You wouldn’t know this entering their celebrated Hungarian restaurant in Albany, Oregon. The restaurant has been featured in far-reaching magazines like National Geographic. I sought an interview with Joseph and Matilda because I so feel the heart of the owners in their establishment. Walking into Novak’s Hungarian Restaurant is like walking into a second home, surrounded by love, family and delicious, stick-to-your-ribs, good food. In large portions, reasonably priced, with great service.
Joseph and Matilda founded the restaurant in what Joseph calls the first economic disaster in the 1980’s. Matilda says, “This was born out of…desperation isn’t the right word.” She reflects for a moment. “Devotion.”
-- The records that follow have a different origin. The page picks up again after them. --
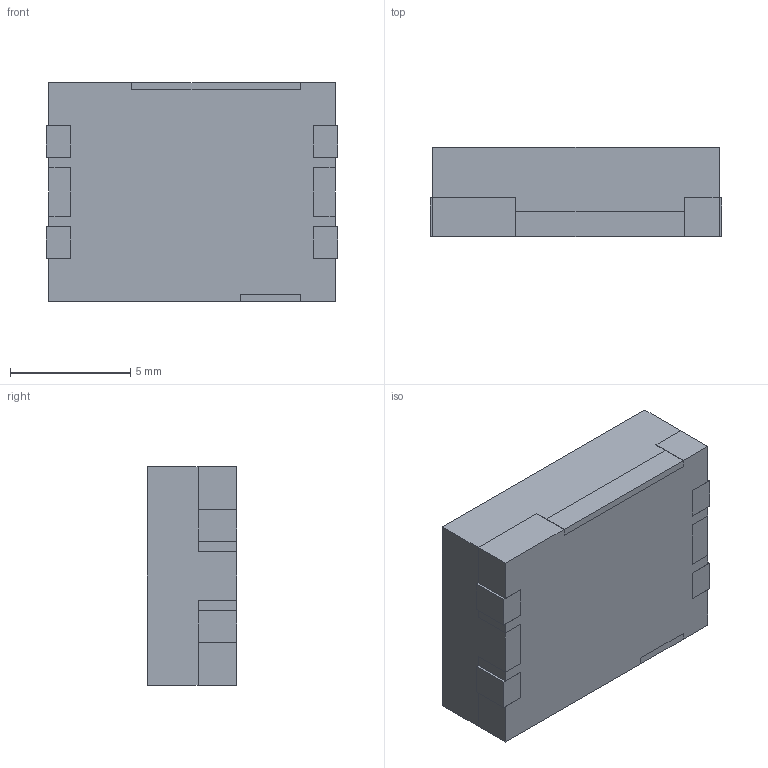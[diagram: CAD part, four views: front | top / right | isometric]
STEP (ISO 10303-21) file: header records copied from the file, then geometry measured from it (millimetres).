
FILE_DESCRIPTION(('FreeCAD Model'),'2;1');
FILE_NAME('BNX028-01L.STEP','2020-08-01T23:34:44',('Author'),(''), 'Open CASCADE STEP processor 7.3','FreeCAD','Unknown');
FILE_SCHEMA(('AUTOMOTIVE_DESIGN { 1 0 10303 214 1 1 1 1 }'));
Length unit declared in the file: millimetre
Products named in the file (1): 1
Bounding box: 12.1 x 3.7 x 9.1 mm (x, y, z)
Volume: 399.7 mm3; surface area: 685.9 mm2
Topology: 8 solids, 8 shells, 119 faces, 882 edges, 2548 vertices
Faces by surface type: plane 117, cylinder 2
Entity records: 13996 total; most frequent: CARTESIAN_POINT 4138, DIRECTION 1722, LINE 1454, VECTOR 1454, GEOMETRIC_CURVE_SET 589, ORIENTED_EDGE 588, PCURVE 588, DEFINITIONAL_REPRESENTATION 588
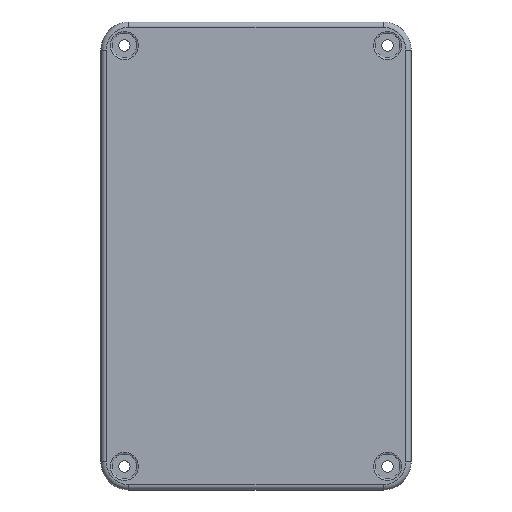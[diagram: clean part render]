
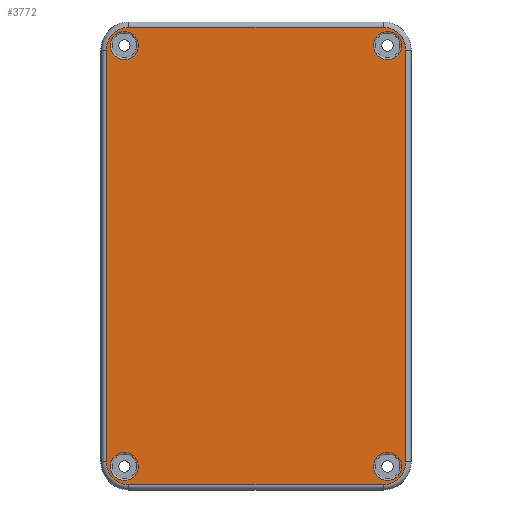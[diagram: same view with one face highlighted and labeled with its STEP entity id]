
A CAD part, front view. The second image highlights one B-rep face of the part: STEP entity #3772.
In plain terms, the highlighted planar face has unit normal (0, -1, 0).
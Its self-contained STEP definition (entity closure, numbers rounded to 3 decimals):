
#19=FACE_BOUND('',#522,.T.);
#20=FACE_BOUND('',#523,.T.);
#21=FACE_BOUND('',#524,.T.);
#22=FACE_BOUND('',#525,.T.);
#81=PLANE('',#4157);
#294=FACE_OUTER_BOUND('',#521,.T.);
#521=EDGE_LOOP('',(#3079,#3080,#3081,#3082,#3083,#3084,#3085,#3086));
#522=EDGE_LOOP('',(#3087));
#523=EDGE_LOOP('',(#3088));
#524=EDGE_LOOP('',(#3089));
#525=EDGE_LOOP('',(#3090));
#784=CIRCLE('',#4155,4.);
#786=CIRCLE('',#4158,6.5);
#787=CIRCLE('',#4159,6.5);
#788=CIRCLE('',#4160,6.5);
#789=CIRCLE('',#4161,6.5);
#790=CIRCLE('',#4162,4.);
#791=CIRCLE('',#4163,4.);
#792=CIRCLE('',#4164,4.);
#1072=LINE('',#6421,#1383);
#1073=LINE('',#6425,#1384);
#1074=LINE('',#6429,#1385);
#1075=LINE('',#6433,#1386);
#1383=VECTOR('',#5121,10.);
#1384=VECTOR('',#5124,10.);
#1385=VECTOR('',#5127,10.);
#1386=VECTOR('',#5130,10.);
#1759=VERTEX_POINT('',#6414);
#1760=VERTEX_POINT('',#6419);
#1761=VERTEX_POINT('',#6420);
#1762=VERTEX_POINT('',#6422);
#1763=VERTEX_POINT('',#6424);
#1764=VERTEX_POINT('',#6426);
#1765=VERTEX_POINT('',#6428);
#1766=VERTEX_POINT('',#6430);
#1767=VERTEX_POINT('',#6432);
#1768=VERTEX_POINT('',#6435);
#1769=VERTEX_POINT('',#6437);
#1770=VERTEX_POINT('',#6439);
#2230=EDGE_CURVE('',#1759,#1759,#784,.T.);
#2232=EDGE_CURVE('',#1760,#1761,#1072,.T.);
#2233=EDGE_CURVE('',#1762,#1760,#786,.T.);
#2234=EDGE_CURVE('',#1763,#1762,#1073,.T.);
#2235=EDGE_CURVE('',#1764,#1763,#787,.T.);
#2236=EDGE_CURVE('',#1765,#1764,#1074,.T.);
#2237=EDGE_CURVE('',#1766,#1765,#788,.T.);
#2238=EDGE_CURVE('',#1767,#1766,#1075,.T.);
#2239=EDGE_CURVE('',#1761,#1767,#789,.T.);
#2240=EDGE_CURVE('',#1768,#1768,#790,.T.);
#2241=EDGE_CURVE('',#1769,#1769,#791,.T.);
#2242=EDGE_CURVE('',#1770,#1770,#792,.T.);
#3079=ORIENTED_EDGE('',*,*,#2232,.F.);
#3080=ORIENTED_EDGE('',*,*,#2233,.F.);
#3081=ORIENTED_EDGE('',*,*,#2234,.F.);
#3082=ORIENTED_EDGE('',*,*,#2235,.F.);
#3083=ORIENTED_EDGE('',*,*,#2236,.F.);
#3084=ORIENTED_EDGE('',*,*,#2237,.F.);
#3085=ORIENTED_EDGE('',*,*,#2238,.F.);
#3086=ORIENTED_EDGE('',*,*,#2239,.F.);
#3087=ORIENTED_EDGE('',*,*,#2240,.F.);
#3088=ORIENTED_EDGE('',*,*,#2241,.F.);
#3089=ORIENTED_EDGE('',*,*,#2242,.F.);
#3090=ORIENTED_EDGE('',*,*,#2230,.F.);
#3772=ADVANCED_FACE('',(#294,#19,#20,#21,#22),#81,.T.);
#4155=AXIS2_PLACEMENT_3D('',#6416,#5115,#5116);
#4157=AXIS2_PLACEMENT_3D('',#6418,#5119,#5120);
#4158=AXIS2_PLACEMENT_3D('',#6423,#5122,#5123);
#4159=AXIS2_PLACEMENT_3D('',#6427,#5125,#5126);
#4160=AXIS2_PLACEMENT_3D('',#6431,#5128,#5129);
#4161=AXIS2_PLACEMENT_3D('',#6434,#5131,#5132);
#4162=AXIS2_PLACEMENT_3D('',#6436,#5133,#5134);
#4163=AXIS2_PLACEMENT_3D('',#6438,#5135,#5136);
#4164=AXIS2_PLACEMENT_3D('',#6440,#5137,#5138);
#5115=DIRECTION('center_axis',(0.,-1.,0.));
#5116=DIRECTION('ref_axis',(1.,0.,0.));
#5119=DIRECTION('center_axis',(0.,-1.,0.));
#5120=DIRECTION('ref_axis',(0.,0.,1.));
#5121=DIRECTION('',(-1.,0.,0.));
#5122=DIRECTION('center_axis',(0.,1.,0.));
#5123=DIRECTION('ref_axis',(0.707,0.,-0.707));
#5124=DIRECTION('',(0.,0.,-1.));
#5125=DIRECTION('center_axis',(0.,1.,0.));
#5126=DIRECTION('ref_axis',(0.707,0.,0.707));
#5127=DIRECTION('',(1.,0.,0.));
#5128=DIRECTION('center_axis',(0.,1.,0.));
#5129=DIRECTION('ref_axis',(-0.707,0.,0.707));
#5130=DIRECTION('',(0.,0.,1.));
#5131=DIRECTION('center_axis',(0.,1.,0.));
#5132=DIRECTION('ref_axis',(-0.707,0.,-0.707));
#5133=DIRECTION('center_axis',(0.,-1.,0.));
#5134=DIRECTION('ref_axis',(1.,0.,0.));
#5135=DIRECTION('center_axis',(0.,-1.,0.));
#5136=DIRECTION('ref_axis',(1.,0.,0.));
#5137=DIRECTION('center_axis',(0.,-1.,0.));
#5138=DIRECTION('ref_axis',(1.,0.,0.));
#6414=CARTESIAN_POINT('',(-40.827,-8.,63.773));
#6416=CARTESIAN_POINT('Origin',(-40.827,-8.,59.773));
#6418=CARTESIAN_POINT('Origin',(40.763,-8.,-66.787));
#6419=CARTESIAN_POINT('',(32.903,-8.,-65.427));
#6420=CARTESIAN_POINT('',(-39.527,-8.,-65.427));
#6421=CARTESIAN_POINT('',(40.763,-8.,-65.427));
#6422=CARTESIAN_POINT('',(39.403,-8.,-58.927));
#6423=CARTESIAN_POINT('Origin',(32.903,-8.,-58.927));
#6424=CARTESIAN_POINT('',(39.403,-8.,58.473));
#6425=CARTESIAN_POINT('',(39.403,-8.,-33.507));
#6426=CARTESIAN_POINT('',(32.903,-8.,64.973));
#6427=CARTESIAN_POINT('Origin',(32.903,-8.,58.473));
#6428=CARTESIAN_POINT('',(-39.527,-8.,64.973));
#6429=CARTESIAN_POINT('',(40.763,-8.,64.973));
#6430=CARTESIAN_POINT('',(-46.027,-8.,58.473));
#6431=CARTESIAN_POINT('Origin',(-39.527,-8.,58.473));
#6432=CARTESIAN_POINT('',(-46.027,-8.,-58.927));
#6433=CARTESIAN_POINT('',(-46.027,-8.,-33.507));
#6434=CARTESIAN_POINT('Origin',(-39.527,-8.,-58.927));
#6435=CARTESIAN_POINT('',(34.173,-8.,55.773));
#6436=CARTESIAN_POINT('Origin',(34.173,-8.,59.773));
#6437=CARTESIAN_POINT('',(-40.827,-8.,-64.227));
#6438=CARTESIAN_POINT('Origin',(-40.827,-8.,-60.227));
#6439=CARTESIAN_POINT('',(34.173,-8.,-64.227));
#6440=CARTESIAN_POINT('Origin',(34.173,-8.,-60.227));

The Hungarian uprisings started just after Joseph and Matilda were married. Matilda is German, and speaks German and Hungarian. The Hungarians didn’t speak Russian, and the Russians didn’t speak Hungarian. Joseph says, “They spoke a common language, which was German. So, Mama was a long-distance operator, a translator.” They lived on top of a hill, and the revolutionaries, freedom fighters, were hiding out below. Joseph’s name was on a list meaning arrest, a life sentence, even execution.
Joseph took two weeks off from work and school to figure out a way to cross the border. Two people who wanted to cross had already been killed. There was a station between the borders, and anyone wanting to cross needed proof of necessary business on the other side.
Joseph is a man of deep faith. A Baptist church just at the edge of the border provided the “business permit” he needed. The pastor said he would leave the church door open and to come in at midnight. Joseph didn’t know at that point they would already be in Yugoslav territory, and it took more than one attempt before they safely crossed over.
Matilda’s mother’s family was already in the States; starting out in Wisconsin, moving to North Dakota and then California. The only one who stayed back was Matilda’s mother, the eldest of four children. Matilda’s brother went into the service in Hungary in 1942, became a prisoner of war in Germany to the Americans, and never returned. When her brother left, Matilda was seven years old.
Matilda’s aunt in California knew about the Hungarian uprising, yet had no idea what had happened to her niece and her husband. “We found out, once we met with my aunt, they knew about the uprising, but they hadn’t heard from us. They didn’t know what had happened to us. My aunt didn’t know what had happened to her sister. After we came out, we compared notes. And at the very same time, the exact time – it was 7:30 in the morning – when we crossed the border and were captured by the Yugoslavians, my aunt and some friends of hers stayed back in California, in Pomona, in a Four Square Church. They had a prayer meeting for us, not knowing where we were, or what was going on.”
The Novaks believe there are things a person just can’t explain, which must be attributed to a higher power. They slipped a letter written to Matilda’s aunt under the barbed wire fence, having no idea if she would ever receive it. The kind soul who grasped that letter mailed it, and Matilda’s aunt received it.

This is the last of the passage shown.